▶ [Exercise directions]: Would you repeat the data below exactly, taking out the images?

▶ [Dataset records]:

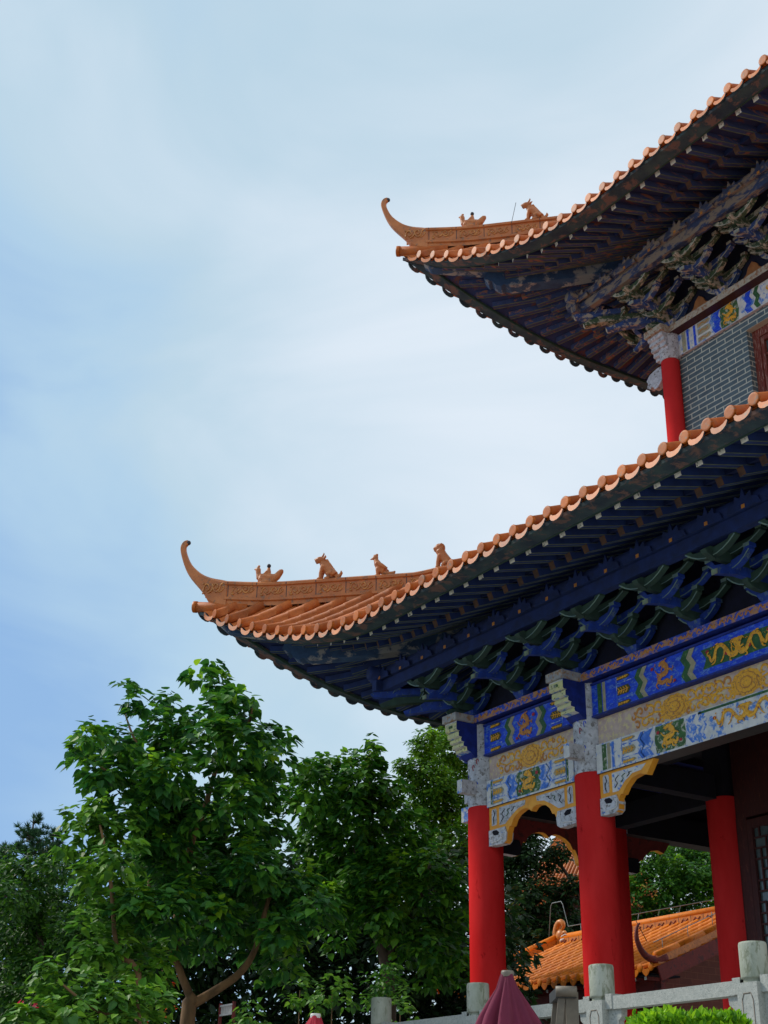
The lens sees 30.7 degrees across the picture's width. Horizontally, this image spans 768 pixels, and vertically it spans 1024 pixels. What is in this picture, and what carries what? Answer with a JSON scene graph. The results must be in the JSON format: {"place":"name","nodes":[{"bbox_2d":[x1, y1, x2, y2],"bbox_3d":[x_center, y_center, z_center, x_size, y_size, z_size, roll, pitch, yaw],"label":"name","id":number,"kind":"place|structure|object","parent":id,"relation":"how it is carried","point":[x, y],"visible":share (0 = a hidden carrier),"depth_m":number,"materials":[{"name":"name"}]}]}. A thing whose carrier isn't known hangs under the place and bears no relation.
{"place":"outdoors","nodes":[
{"label":"outdoors","id":0,"kind":"place"},
{"bbox_2d":[0,0,767,1023],"label":"sky","id":1,"kind":"structure","parent":0,"point":[215,336],"materials":[{"name":"blue"}]},
{"bbox_2d":[180,54,767,1023],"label":"temple","id":2,"kind":"structure","parent":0,"point":[582,676],"depth_m":23.50,"materials":[{"name":"tile"}]},
{"bbox_2d":[746,815,767,952],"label":"door","id":3,"kind":"structure","parent":2,"relation":"in","point":[757,828],"depth_m":22.49,"materials":[{"name":"wood"}]},
{"bbox_2d":[752,323,767,391],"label":"window","id":4,"kind":"structure","parent":2,"relation":"in","point":[760,336],"depth_m":25.50,"materials":[{"name":"paint"}]},
{"bbox_2d":[437,899,722,1023],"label":"side hall","id":5,"kind":"structure","parent":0,"point":[676,950],"depth_m":35.73,"materials":[{"name":"orange tile"}]},
{"bbox_2d":[508,837,669,926],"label":"distant hall","id":6,"kind":"structure","parent":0,"point":[570,867],"depth_m":60.78,"materials":[{"name":"orange tile"}]},
{"label":"garden bed","id":7,"kind":"structure","parent":0,"visible":0},
{"bbox_2d":[0,840,15,873],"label":"pine tree","id":8,"kind":"object","parent":7,"relation":"on","point":[2,847],"visible":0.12,"depth_m":36.26,"materials":[{"name":"green plant"}]},
{"bbox_2d":[0,810,62,997],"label":"pine tree","id":9,"kind":"object","parent":7,"relation":"on","point":[32,837],"visible":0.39,"depth_m":34.49,"materials":[{"name":"green plant"}]},
{"bbox_2d":[30,824,69,916],"bbox_3d":[-8.545,12.273,33.971,1.651,9.341,1.320,1,-25,1],"label":"pine tree","id":10,"kind":"object","parent":7,"relation":"on","point":[57,842],"visible":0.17,"depth_m":35.61,"materials":[{"name":"green plant"}]},
{"bbox_2d":[0,843,122,1023],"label":"fine leaved tree","id":11,"kind":"object","parent":7,"relation":"on","point":[32,909],"visible":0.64,"depth_m":28.76,"materials":[{"name":"green plant"}]},
{"bbox_2d":[0,953,181,1023],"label":"leafy shrub","id":12,"kind":"object","parent":7,"relation":"on","point":[51,994],"visible":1,"depth_m":14.39,"materials":[{"name":"green plant"}]},
{"bbox_2d":[47,791,179,1021],"bbox_3d":[-3.444,6.423,17.232,1.694,5.978,1.933,16,-29,-29],"label":"broadleaf tree","id":13,"kind":"object","parent":7,"relation":"on","point":[92,821],"visible":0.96,"depth_m":17.77,"materials":[{"name":"green plant"}]},
{"bbox_2d":[54,658,346,1023],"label":"broadleaf tree","id":14,"kind":"object","parent":7,"relation":"on","point":[189,827],"visible":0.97,"depth_m":19.12,"materials":[{"name":"green plant"}]},
{"bbox_2d":[218,1001,235,1023],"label":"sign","id":15,"kind":"object","parent":7,"relation":"on","point":[226,1009],"visible":1,"depth_m":31.95,"materials":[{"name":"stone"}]},
{"bbox_2d":[0,828,550,1023],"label":"dark thicket","id":16,"kind":"object","parent":7,"relation":"on","point":[316,969],"visible":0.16,"depth_m":34.02,"materials":[{"name":"green plant"}]},
{"bbox_2d":[306,1013,322,1023],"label":"closed parasol","id":17,"kind":"object","parent":7,"relation":"on","point":[315,1018],"visible":1,"depth_m":14.10,"materials":[{"name":"red fabric"}]},
{"bbox_2d":[274,732,469,1021],"bbox_3d":[-0.185,9.595,28.770,4.420,10.028,3.628,-1,-25,3],"label":"broadleaf tree","id":18,"kind":"object","parent":7,"relation":"on","point":[364,861],"visible":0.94,"depth_m":28.86,"materials":[{"name":"green plant"}]},
{"bbox_2d":[390,725,468,1016],"bbox_3d":[1.476,11.785,37.522,2.912,13.475,3.291,2,-25,-4],"label":"fine leaved tree","id":19,"kind":"object","parent":7,"relation":"on","point":[442,769],"visible":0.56,"depth_m":38.70,"materials":[{"name":"green plant"}]},
{"bbox_2d":[503,833,580,950],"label":"arcade tree","id":20,"kind":"object","parent":7,"relation":"on","point":[527,863],"visible":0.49,"depth_m":48.00,"materials":[{"name":"green plant"}]},
{"bbox_2d":[515,849,711,949],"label":"background trees","id":21,"kind":"object","parent":7,"relation":"on","point":[648,858],"depth_m":55.08,"materials":[{"name":"green plant"}]},
{"bbox_2d":[629,846,714,920],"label":"arcade tree","id":22,"kind":"object","parent":7,"relation":"on","point":[670,885],"visible":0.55,"depth_m":49.45,"materials":[{"name":"green plant"}]},
{"label":"ground","id":23,"kind":"structure","parent":0,"visible":0},
{"bbox_2d":[226,997,271,1023],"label":"sapling","id":24,"kind":"object","parent":23,"relation":"on","point":[249,1019],"visible":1,"depth_m":22.56,"materials":[{"name":"green plant"}]},
{"bbox_2d":[277,976,324,1023],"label":"sapling","id":25,"kind":"object","parent":23,"relation":"on","point":[299,1003],"visible":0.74,"depth_m":24.56,"materials":[{"name":"green plant"}]},
{"bbox_2d":[306,967,361,1023],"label":"sapling","id":26,"kind":"object","parent":23,"relation":"on","point":[333,998],"visible":0.98,"depth_m":23.65,"materials":[{"name":"green plant"}]},
{"bbox_2d":[357,956,415,1012],"bbox_3d":[-0.004,10.124,23.880,1.102,4.945,0.994,16,-29,-29],"label":"sapling","id":27,"kind":"object","parent":23,"relation":"on","point":[387,990],"visible":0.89,"depth_m":24.67,"materials":[{"name":"green plant"}]},
{"bbox_2d":[391,988,419,1021],"bbox_3d":[0.272,9.230,20.906,0.923,4.069,0.614,16,-29,-29],"label":"sapling","id":28,"kind":"object","parent":23,"relation":"on","point":[405,1005],"visible":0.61,"depth_m":21.67,"materials":[{"name":"green plant"}]},
{"bbox_2d":[475,970,541,1023],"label":"closed parasol","id":29,"kind":"object","parent":23,"relation":"on","point":[507,1002],"visible":1,"depth_m":9.83,"materials":[{"name":"pink fabric"}]},
{"bbox_2d":[549,986,578,1023],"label":"stone post","id":30,"kind":"object","parent":23,"relation":"on","point":[563,1000],"visible":1,"depth_m":10.14,"materials":[{"name":"grey stone"}]},
{"bbox_2d":[625,1004,752,1023],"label":"clipped hedge","id":31,"kind":"object","parent":23,"relation":"on","point":[668,1014],"visible":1,"depth_m":8.21,"materials":[{"name":"green plant"}]},
{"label":"terrace","id":32,"kind":"structure","parent":0,"visible":0},
{"bbox_2d":[371,941,767,1023],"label":"stone balustrade","id":33,"kind":"object","parent":32,"relation":"on","point":[745,992],"visible":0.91,"depth_m":14.73,"materials":[{"name":"stone"}]}
]}

▶ [Task result]:
The lens sees 30.7 degrees across the picture's width. Horizontally, this image spans 768 pixels, and vertically it spans 1024 pixels. What is in this picture, and what carries what? Answer with a JSON scene graph. The results must be in the JSON format: {"place":"name","nodes":[{"bbox_2d":[x1, y1, x2, y2],"bbox_3d":[x_center, y_center, z_center, x_size, y_size, z_size, roll, pitch, yaw],"label":"name","id":number,"kind":"place|structure|object","parent":id,"relation":"how it is carried","point":[x, y],"visible":share (0 = a hidden carrier),"depth_m":number,"materials":[{"name":"name"}]}]}. A thing whose carrier isn't known hangs under the place and bears no relation.
{"place":"outdoors","nodes":[
{"label":"outdoors","id":0,"kind":"place"},
{"bbox_2d":[0,0,767,1023],"label":"sky","id":1,"kind":"structure","parent":0,"point":[215,336],"materials":[{"name":"blue"}]},
{"bbox_2d":[180,54,767,1023],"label":"temple","id":2,"kind":"structure","parent":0,"point":[582,676],"depth_m":23.50,"materials":[{"name":"tile"}]},
{"bbox_2d":[746,815,767,952],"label":"door","id":3,"kind":"structure","parent":2,"relation":"in","point":[757,828],"depth_m":22.49,"materials":[{"name":"wood"}]},
{"bbox_2d":[752,323,767,391],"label":"window","id":4,"kind":"structure","parent":2,"relation":"in","point":[760,336],"depth_m":25.50,"materials":[{"name":"paint"}]},
{"bbox_2d":[437,899,722,1023],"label":"side hall","id":5,"kind":"structure","parent":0,"point":[676,950],"depth_m":35.73,"materials":[{"name":"orange tile"}]},
{"bbox_2d":[508,837,669,926],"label":"distant hall","id":6,"kind":"structure","parent":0,"point":[570,867],"depth_m":60.78,"materials":[{"name":"orange tile"}]},
{"label":"garden bed","id":7,"kind":"structure","parent":0,"visible":0},
{"bbox_2d":[0,840,15,873],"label":"pine tree","id":8,"kind":"object","parent":7,"relation":"on","point":[2,847],"visible":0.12,"depth_m":36.26,"materials":[{"name":"green plant"}]},
{"bbox_2d":[0,810,62,997],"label":"pine tree","id":9,"kind":"object","parent":7,"relation":"on","point":[32,837],"visible":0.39,"depth_m":34.49,"materials":[{"name":"green plant"}]},
{"bbox_2d":[30,824,69,916],"bbox_3d":[-8.545,12.273,33.971,1.651,9.341,1.320,1,-25,1],"label":"pine tree","id":10,"kind":"object","parent":7,"relation":"on","point":[57,842],"visible":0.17,"depth_m":35.61,"materials":[{"name":"green plant"}]},
{"bbox_2d":[0,843,122,1023],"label":"fine leaved tree","id":11,"kind":"object","parent":7,"relation":"on","point":[32,909],"visible":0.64,"depth_m":28.76,"materials":[{"name":"green plant"}]},
{"bbox_2d":[0,953,181,1023],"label":"leafy shrub","id":12,"kind":"object","parent":7,"relation":"on","point":[51,994],"visible":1,"depth_m":14.39,"materials":[{"name":"green plant"}]},
{"bbox_2d":[47,791,179,1021],"bbox_3d":[-3.444,6.423,17.232,1.694,5.978,1.933,16,-29,-29],"label":"broadleaf tree","id":13,"kind":"object","parent":7,"relation":"on","point":[92,821],"visible":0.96,"depth_m":17.77,"materials":[{"name":"green plant"}]},
{"bbox_2d":[54,658,346,1023],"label":"broadleaf tree","id":14,"kind":"object","parent":7,"relation":"on","point":[189,827],"visible":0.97,"depth_m":19.12,"materials":[{"name":"green plant"}]},
{"bbox_2d":[218,1001,235,1023],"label":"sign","id":15,"kind":"object","parent":7,"relation":"on","point":[226,1009],"visible":1,"depth_m":31.95,"materials":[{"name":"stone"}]},
{"bbox_2d":[0,828,550,1023],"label":"dark thicket","id":16,"kind":"object","parent":7,"relation":"on","point":[316,969],"visible":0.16,"depth_m":34.02,"materials":[{"name":"green plant"}]},
{"bbox_2d":[306,1013,322,1023],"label":"closed parasol","id":17,"kind":"object","parent":7,"relation":"on","point":[315,1018],"visible":1,"depth_m":14.10,"materials":[{"name":"red fabric"}]},
{"bbox_2d":[274,732,469,1021],"bbox_3d":[-0.185,9.595,28.770,4.420,10.028,3.628,-1,-25,3],"label":"broadleaf tree","id":18,"kind":"object","parent":7,"relation":"on","point":[364,861],"visible":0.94,"depth_m":28.86,"materials":[{"name":"green plant"}]},
{"bbox_2d":[390,725,468,1016],"bbox_3d":[1.476,11.785,37.522,2.912,13.475,3.291,2,-25,-4],"label":"fine leaved tree","id":19,"kind":"object","parent":7,"relation":"on","point":[442,769],"visible":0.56,"depth_m":38.70,"materials":[{"name":"green plant"}]},
{"bbox_2d":[503,833,580,950],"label":"arcade tree","id":20,"kind":"object","parent":7,"relation":"on","point":[527,863],"visible":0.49,"depth_m":48.00,"materials":[{"name":"green plant"}]},
{"bbox_2d":[515,849,711,949],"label":"background trees","id":21,"kind":"object","parent":7,"relation":"on","point":[648,858],"depth_m":55.08,"materials":[{"name":"green plant"}]},
{"bbox_2d":[629,846,714,920],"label":"arcade tree","id":22,"kind":"object","parent":7,"relation":"on","point":[670,885],"visible":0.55,"depth_m":49.45,"materials":[{"name":"green plant"}]},
{"label":"ground","id":23,"kind":"structure","parent":0,"visible":0},
{"bbox_2d":[226,997,271,1023],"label":"sapling","id":24,"kind":"object","parent":23,"relation":"on","point":[249,1019],"visible":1,"depth_m":22.56,"materials":[{"name":"green plant"}]},
{"bbox_2d":[277,976,324,1023],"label":"sapling","id":25,"kind":"object","parent":23,"relation":"on","point":[299,1003],"visible":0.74,"depth_m":24.56,"materials":[{"name":"green plant"}]},
{"bbox_2d":[306,967,361,1023],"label":"sapling","id":26,"kind":"object","parent":23,"relation":"on","point":[333,998],"visible":0.98,"depth_m":23.65,"materials":[{"name":"green plant"}]},
{"bbox_2d":[357,956,415,1012],"bbox_3d":[-0.004,10.124,23.880,1.102,4.945,0.994,16,-29,-29],"label":"sapling","id":27,"kind":"object","parent":23,"relation":"on","point":[387,990],"visible":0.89,"depth_m":24.67,"materials":[{"name":"green plant"}]},
{"bbox_2d":[391,988,419,1021],"bbox_3d":[0.272,9.230,20.906,0.923,4.069,0.614,16,-29,-29],"label":"sapling","id":28,"kind":"object","parent":23,"relation":"on","point":[405,1005],"visible":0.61,"depth_m":21.67,"materials":[{"name":"green plant"}]},
{"bbox_2d":[475,970,541,1023],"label":"closed parasol","id":29,"kind":"object","parent":23,"relation":"on","point":[507,1002],"visible":1,"depth_m":9.83,"materials":[{"name":"pink fabric"}]},
{"bbox_2d":[549,986,578,1023],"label":"stone post","id":30,"kind":"object","parent":23,"relation":"on","point":[563,1000],"visible":1,"depth_m":10.14,"materials":[{"name":"grey stone"}]},
{"bbox_2d":[625,1004,752,1023],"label":"clipped hedge","id":31,"kind":"object","parent":23,"relation":"on","point":[668,1014],"visible":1,"depth_m":8.21,"materials":[{"name":"green plant"}]},
{"label":"terrace","id":32,"kind":"structure","parent":0,"visible":0},
{"bbox_2d":[371,941,767,1023],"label":"stone balustrade","id":33,"kind":"object","parent":32,"relation":"on","point":[745,992],"visible":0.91,"depth_m":14.73,"materials":[{"name":"stone"}]}
]}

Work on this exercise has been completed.